# Форум на русском языке  > Угрозы информационной безопасности  > Спам и мошенничество в сети  >  Мобильные мошенники!

## Bacardi

У каждого из нас есть мобильный телефон!
Это конечно не Linux, на который не залетают (пока не залетают) вирусы!
Тем не менее к нам могут придти смс-сообщения от незнакомых нам людей!

Вот пример такого сообщения:

"Мам незвони тел.украли срочно брось 1000р.на 89097233968 обья"

Сообщение пришло со следующего номера: 8 919 567 52 38 в 4 часа 33 минуты!


Теперь проанализируем сообщение!
1) Итак, оно пришло в 4.33. Специально, когда человек проснется, первое что придет в голову, что все ли в порядке с близкими людьми? Далее ситуация может идти по-разному, зависит от конкретного человека (его характера, опыта и знаний)!

2) Следующее: сообщение написано с ошибками!
Частый признак таких сообщений - слово "объясню" мошенники пишут с мягким знаком.

3) Когда вчитываешься в смысл, то понимаешь, а причем здесь 1000р?
Но можно догадаться: что вроде как ты купил себе новый номер и на него то как раз и нужно скинуть заветную сумму в 1000р.

4) Сумма определена не маленькая - 1000р.

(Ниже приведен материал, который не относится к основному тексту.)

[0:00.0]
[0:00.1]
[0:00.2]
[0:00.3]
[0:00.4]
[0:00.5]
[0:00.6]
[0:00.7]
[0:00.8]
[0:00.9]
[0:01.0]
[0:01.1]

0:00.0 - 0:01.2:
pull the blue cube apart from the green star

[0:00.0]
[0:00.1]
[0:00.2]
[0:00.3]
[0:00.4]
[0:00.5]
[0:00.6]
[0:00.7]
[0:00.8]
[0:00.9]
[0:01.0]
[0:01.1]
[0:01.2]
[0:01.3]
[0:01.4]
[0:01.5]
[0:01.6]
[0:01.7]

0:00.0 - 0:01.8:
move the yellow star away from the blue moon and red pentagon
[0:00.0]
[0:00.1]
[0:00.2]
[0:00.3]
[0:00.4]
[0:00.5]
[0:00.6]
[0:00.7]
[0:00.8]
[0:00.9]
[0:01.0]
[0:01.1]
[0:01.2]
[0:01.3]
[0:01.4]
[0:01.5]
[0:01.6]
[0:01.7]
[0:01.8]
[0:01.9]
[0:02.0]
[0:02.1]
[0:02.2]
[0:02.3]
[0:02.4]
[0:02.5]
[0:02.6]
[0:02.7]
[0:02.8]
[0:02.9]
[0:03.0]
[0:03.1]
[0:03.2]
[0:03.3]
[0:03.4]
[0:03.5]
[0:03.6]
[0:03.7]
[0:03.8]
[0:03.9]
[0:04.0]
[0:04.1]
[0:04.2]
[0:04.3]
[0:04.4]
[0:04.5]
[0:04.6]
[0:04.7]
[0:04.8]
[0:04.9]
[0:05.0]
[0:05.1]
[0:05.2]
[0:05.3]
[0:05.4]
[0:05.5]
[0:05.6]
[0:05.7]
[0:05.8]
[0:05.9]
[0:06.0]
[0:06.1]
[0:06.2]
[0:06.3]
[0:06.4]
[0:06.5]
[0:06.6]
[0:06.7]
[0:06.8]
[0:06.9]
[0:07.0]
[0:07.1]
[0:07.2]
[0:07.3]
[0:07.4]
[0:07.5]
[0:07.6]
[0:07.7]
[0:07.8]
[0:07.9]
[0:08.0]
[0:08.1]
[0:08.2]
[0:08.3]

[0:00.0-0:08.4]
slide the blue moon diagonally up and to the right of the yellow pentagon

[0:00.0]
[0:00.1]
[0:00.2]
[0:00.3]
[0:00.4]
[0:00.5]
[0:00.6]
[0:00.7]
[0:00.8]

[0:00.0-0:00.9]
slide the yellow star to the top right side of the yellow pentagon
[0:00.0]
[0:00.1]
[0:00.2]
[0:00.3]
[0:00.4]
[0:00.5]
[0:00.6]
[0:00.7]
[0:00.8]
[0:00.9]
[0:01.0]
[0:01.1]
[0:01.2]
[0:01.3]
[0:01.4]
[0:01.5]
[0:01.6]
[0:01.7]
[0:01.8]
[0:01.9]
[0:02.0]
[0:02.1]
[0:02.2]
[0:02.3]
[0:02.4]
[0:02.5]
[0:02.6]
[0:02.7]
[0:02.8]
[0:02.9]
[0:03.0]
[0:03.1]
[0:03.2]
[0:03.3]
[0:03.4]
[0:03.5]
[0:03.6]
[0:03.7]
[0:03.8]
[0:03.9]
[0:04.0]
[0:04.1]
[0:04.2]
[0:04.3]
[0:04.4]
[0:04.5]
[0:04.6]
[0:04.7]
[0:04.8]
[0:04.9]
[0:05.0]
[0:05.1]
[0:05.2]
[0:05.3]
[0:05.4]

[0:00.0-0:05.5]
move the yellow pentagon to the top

Вспомните УК и вы сами все поймете! Что определенный вид мошенничества уже будет наказан не рублем, а арестом.


Предлагаю на сайте создать список с номерами данных мошенников.

----------

Надоело быть жертвой? Стань профи по информационной безопасности, получай самую свежую информацию об угрозах и средствах защиты от ведущего российского аналитического центра Anti-Malware.ru:

----------


## ВодкуГлыть

*Bacardi*, ИМХО смысла нет создавать такой список, мне кажется такие телефонные номера долго не живут - их постоянно меняют.

----------


## Bacardi

> мне кажется такие телефонные номера долго не живут - их постоянно меняют.


Тем не менее пользователи, которым пришли такие сообщения смогут убедиться в том факте - что прислали сообщение(я) мошенники!

В интернете нигде не выводятся списки мошенников!
На нашем сайте - они будут!


Далее можно будет узнать чей оператор пользуется большей популярностью у мошенников!

----------


## Сэм

> В интернете нигде не выводятся списки мошенников!
> На нашем сайте - они будут!


Теперь осталась самая малость....чтобы те, кто получит аналогичные СМС-ки, зашли в 4.33 в интернет и нашли этот пост ))))

----------


## Bacardi

> Теперь осталась самая малость....чтобы те, кто получит аналогичные СМС-ки, зашли в 4.33 в интернет и нашли этот пост ))))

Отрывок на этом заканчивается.